Maintenance therapy is defined by Medicare as a treatment plan that seeks to prevent disease, promote health and prolong and enhance the quality of life, or therapy that is performed to maintain or prevent deterioration of a chronic condition. Medicare does not cover maintenance therapy.
The recommendation here is: be a Chiropractor and prove the subluxation. Document by "Federal Standards". Listen well to the patient and correct vertebral displacements (subluxations). Medicare has excellent Chiropractic coverage as long as we practice like Chiropractors. If you are correcting vertebral subluxations for your Medicare patient and calling that adjustment "maintenance care" because you do not know how to document, then you have just performed a covered service in Medicare, did not "document the Chiropractic necessity of care", and cheated your patient from Medicare reimbursement.

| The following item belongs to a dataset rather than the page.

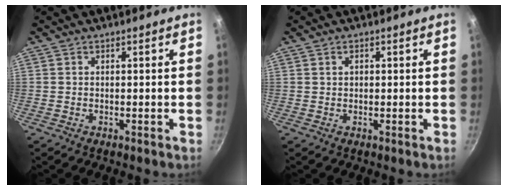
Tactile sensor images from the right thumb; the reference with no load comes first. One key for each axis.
{"total": 1.0, "fx": 0.3, "fy": 0.8, "fz": 0.6, "tx": -0.008, "ty": 0.004, "tz": 0.006}

Remember....correcting the vertebral subluxation is the only covered service in Medicare.....and the only service we Chiropractors are mandated to bill to the Medicare Carrier. Performing a covered service and not billing that service, because of lack of knowledge or thinking it does not have to be documented or billed, is unfair to the consumer, your patient and to Chiropractic in general. As a Medicare provider, you signed a contract with our government so you have the privelige to see Medicare patients.... and that YOU will know and follow the Medicare guidelines.